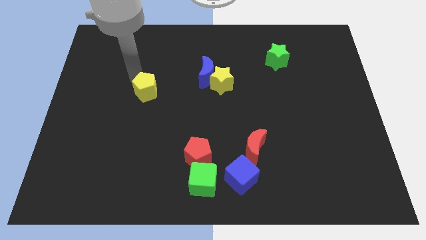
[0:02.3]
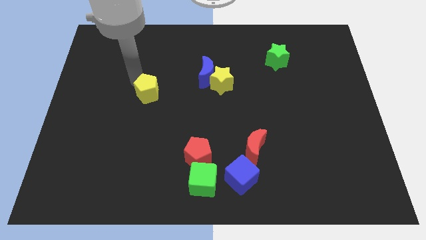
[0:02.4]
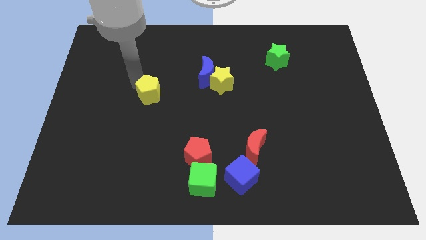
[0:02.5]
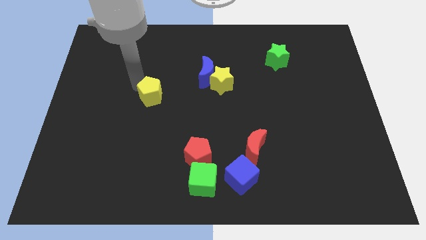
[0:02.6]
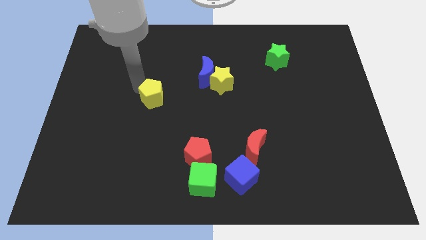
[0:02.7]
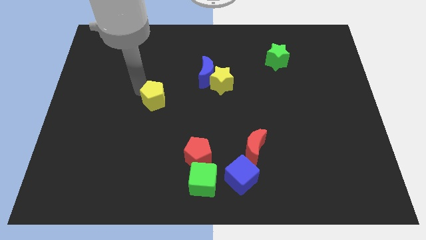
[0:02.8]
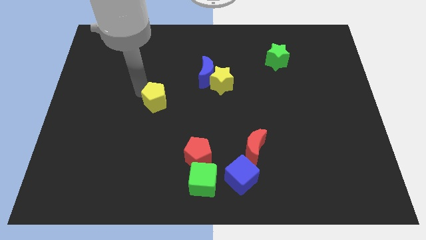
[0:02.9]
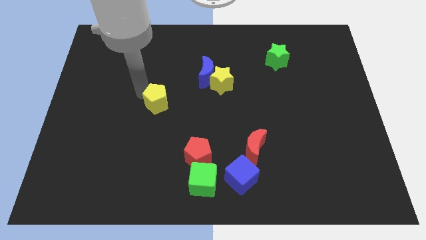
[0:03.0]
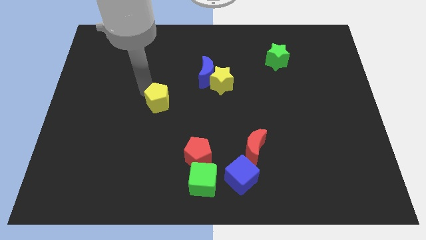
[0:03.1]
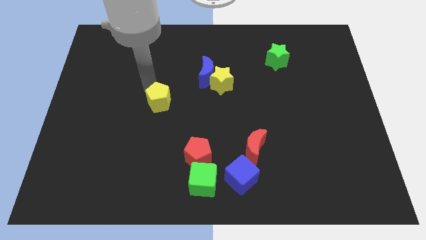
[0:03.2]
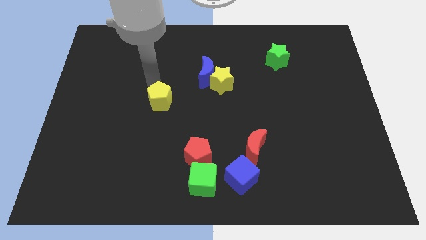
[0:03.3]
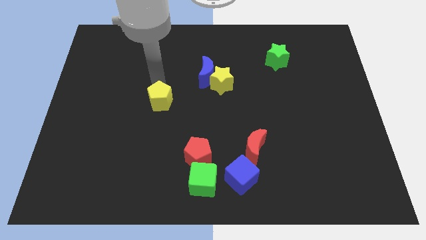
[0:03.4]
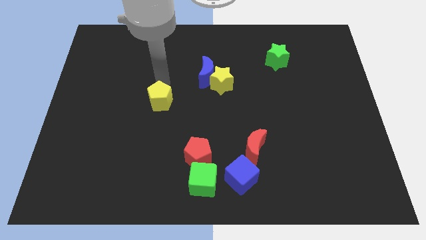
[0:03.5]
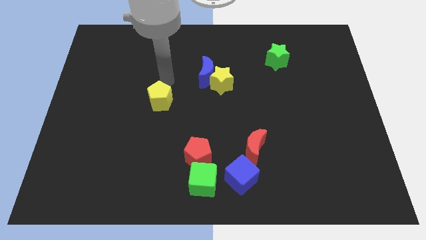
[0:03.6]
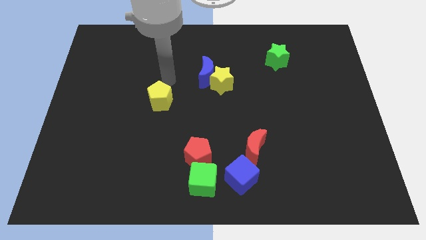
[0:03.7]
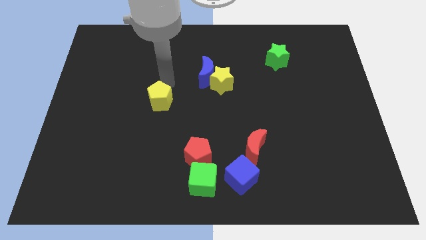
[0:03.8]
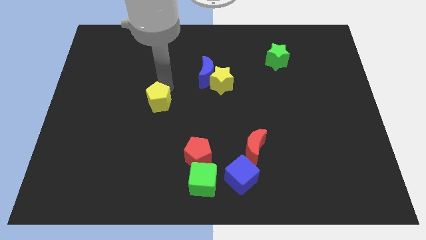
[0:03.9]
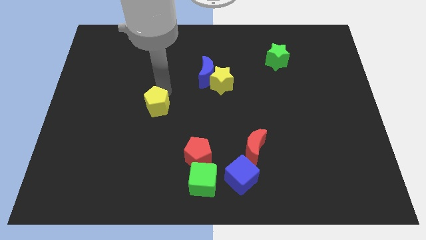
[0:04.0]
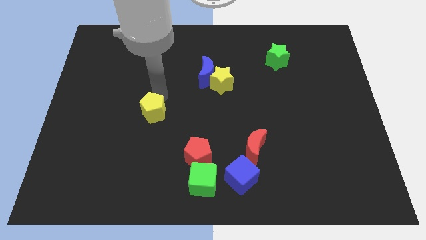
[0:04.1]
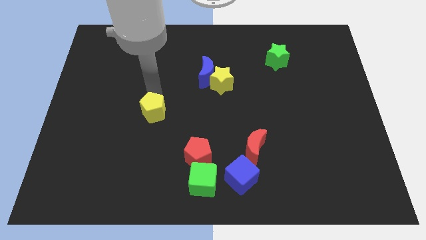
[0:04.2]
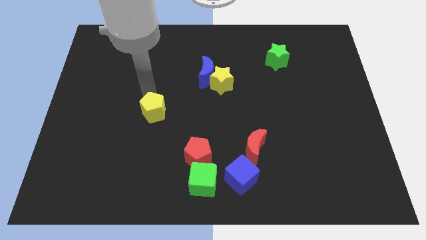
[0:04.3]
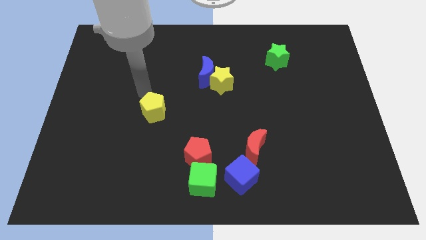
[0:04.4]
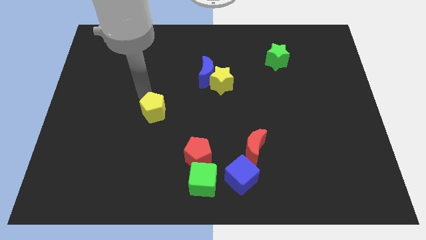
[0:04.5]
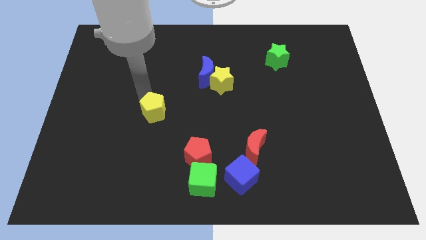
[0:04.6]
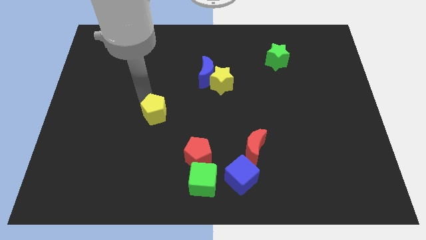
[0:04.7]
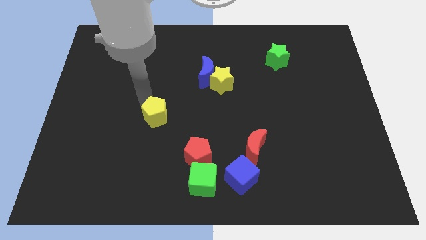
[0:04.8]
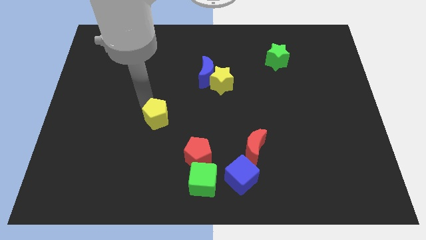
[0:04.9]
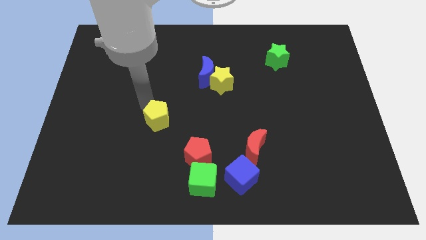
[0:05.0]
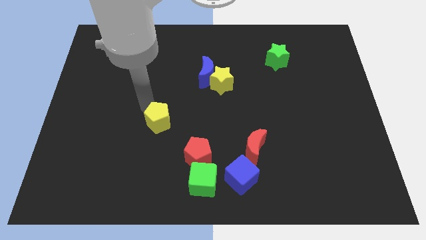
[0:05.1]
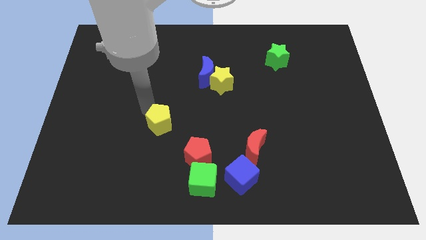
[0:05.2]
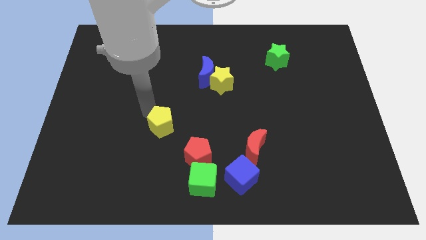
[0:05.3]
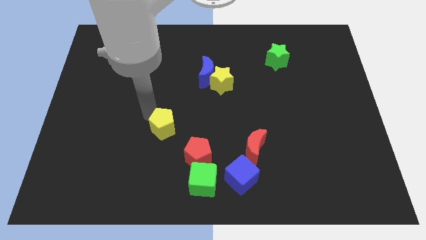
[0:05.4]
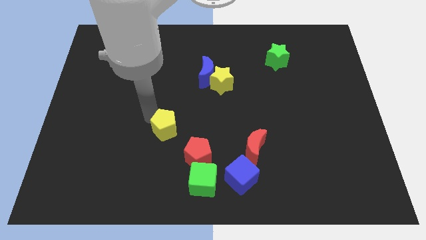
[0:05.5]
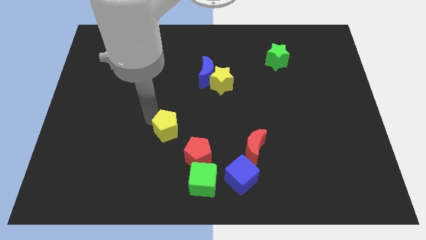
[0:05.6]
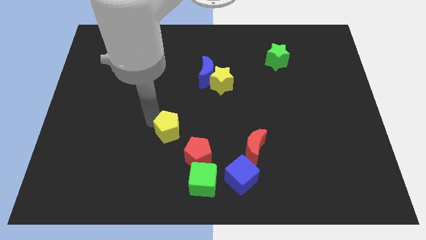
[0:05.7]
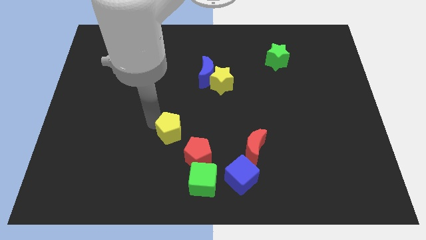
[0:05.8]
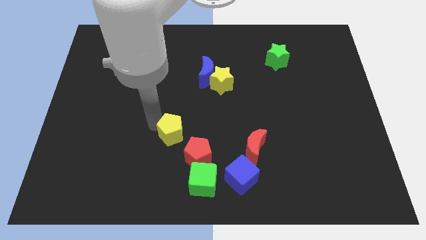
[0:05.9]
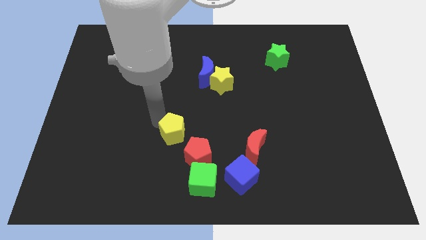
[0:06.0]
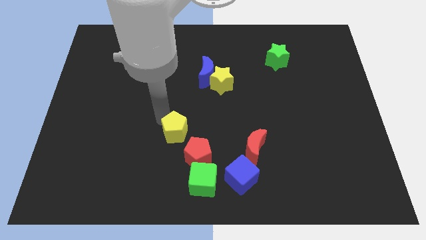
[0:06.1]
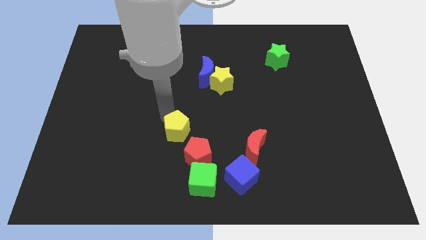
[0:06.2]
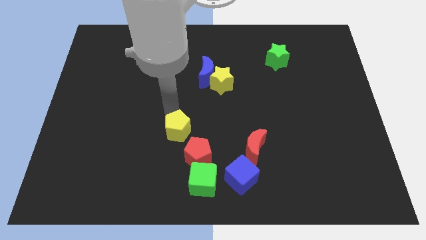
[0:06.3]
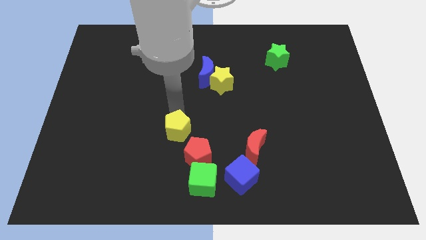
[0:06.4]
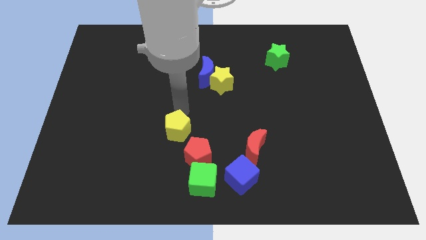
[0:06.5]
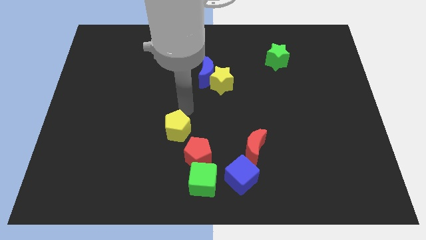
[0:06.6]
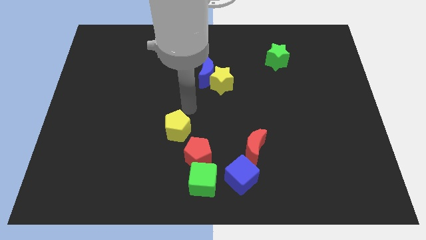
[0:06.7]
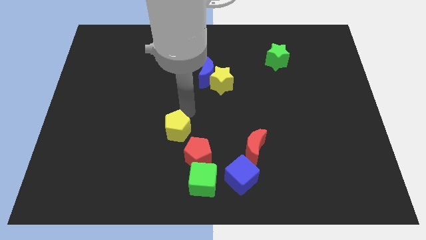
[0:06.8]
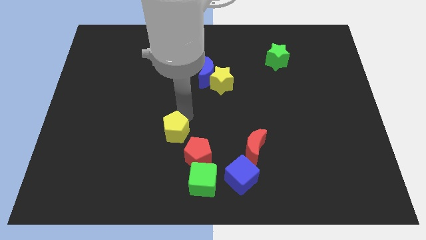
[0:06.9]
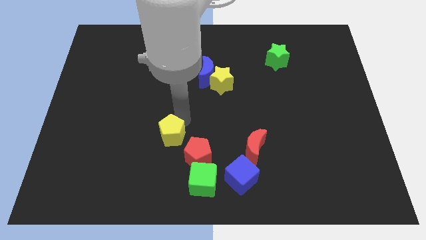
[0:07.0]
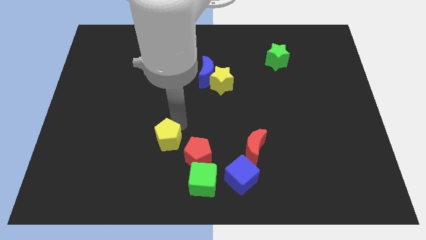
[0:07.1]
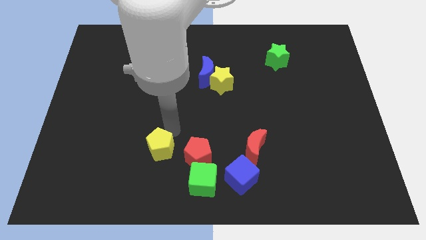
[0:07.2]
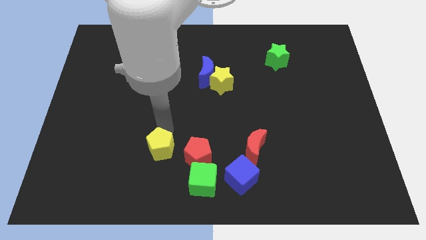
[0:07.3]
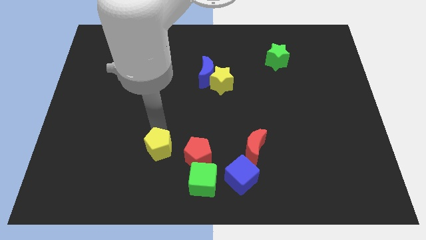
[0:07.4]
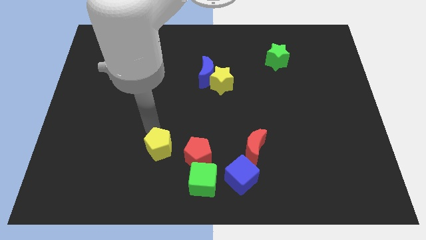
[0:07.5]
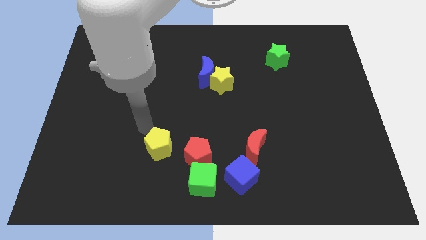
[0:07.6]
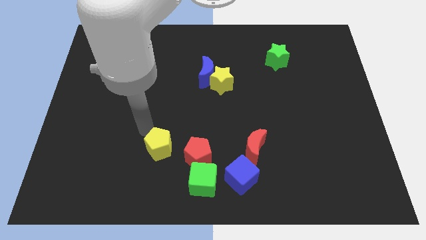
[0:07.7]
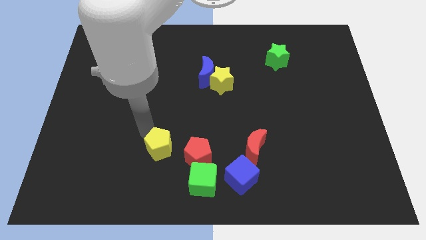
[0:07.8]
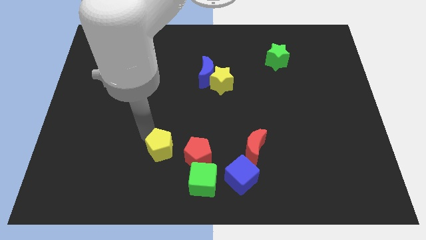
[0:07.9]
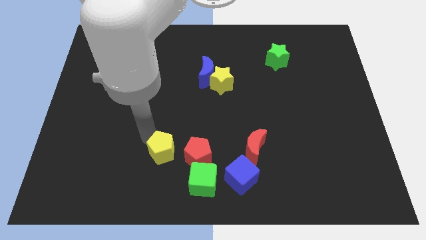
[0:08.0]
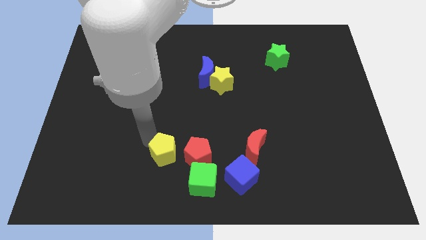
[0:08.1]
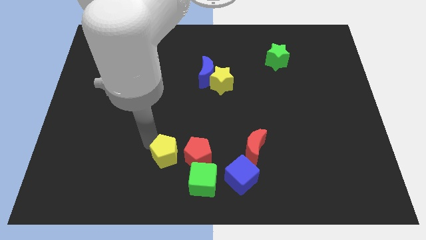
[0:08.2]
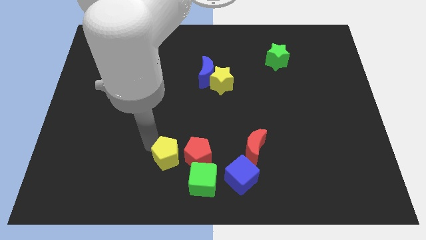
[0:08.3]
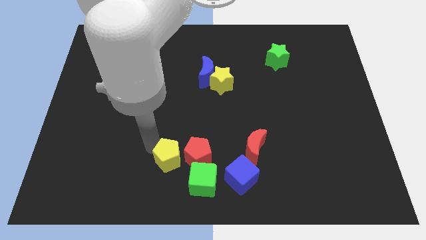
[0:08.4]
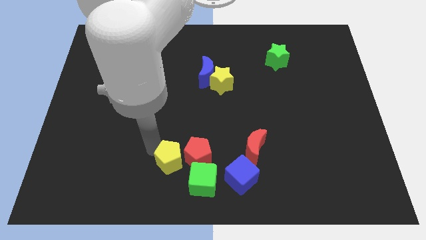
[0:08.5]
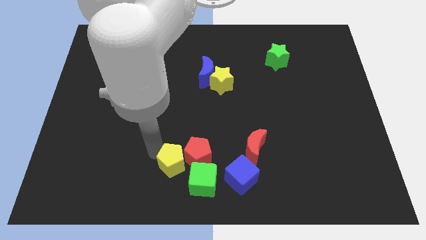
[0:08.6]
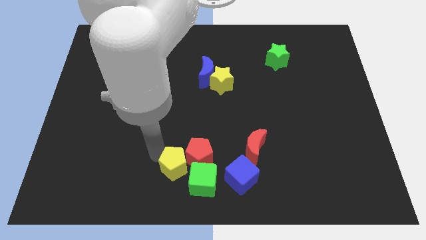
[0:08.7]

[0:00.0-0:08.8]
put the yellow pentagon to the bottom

• • • • • • •

## WHAT TO PRODUCE
Only the pictures should be left out; the rest of the material above must be repeated exactly.

## OUTPUT OF THE TASK
[0:02.3]
[0:02.4]
[0:02.5]
[0:02.6]
[0:02.7]
[0:02.8]
[0:02.9]
[0:03.0]
[0:03.1]
[0:03.2]
[0:03.3]
[0:03.4]
[0:03.5]
[0:03.6]
[0:03.7]
[0:03.8]
[0:03.9]
[0:04.0]
[0:04.1]
[0:04.2]
[0:04.3]
[0:04.4]
[0:04.5]
[0:04.6]
[0:04.7]
[0:04.8]
[0:04.9]
[0:05.0]
[0:05.1]
[0:05.2]
[0:05.3]
[0:05.4]
[0:05.5]
[0:05.6]
[0:05.7]
[0:05.8]
[0:05.9]
[0:06.0]
[0:06.1]
[0:06.2]
[0:06.3]
[0:06.4]
[0:06.5]
[0:06.6]
[0:06.7]
[0:06.8]
[0:06.9]
[0:07.0]
[0:07.1]
[0:07.2]
[0:07.3]
[0:07.4]
[0:07.5]
[0:07.6]
[0:07.7]
[0:07.8]
[0:07.9]
[0:08.0]
[0:08.1]
[0:08.2]
[0:08.3]
[0:08.4]
[0:08.5]
[0:08.6]
[0:08.7]

[0:00.0-0:08.8]
put the yellow pentagon to the bottom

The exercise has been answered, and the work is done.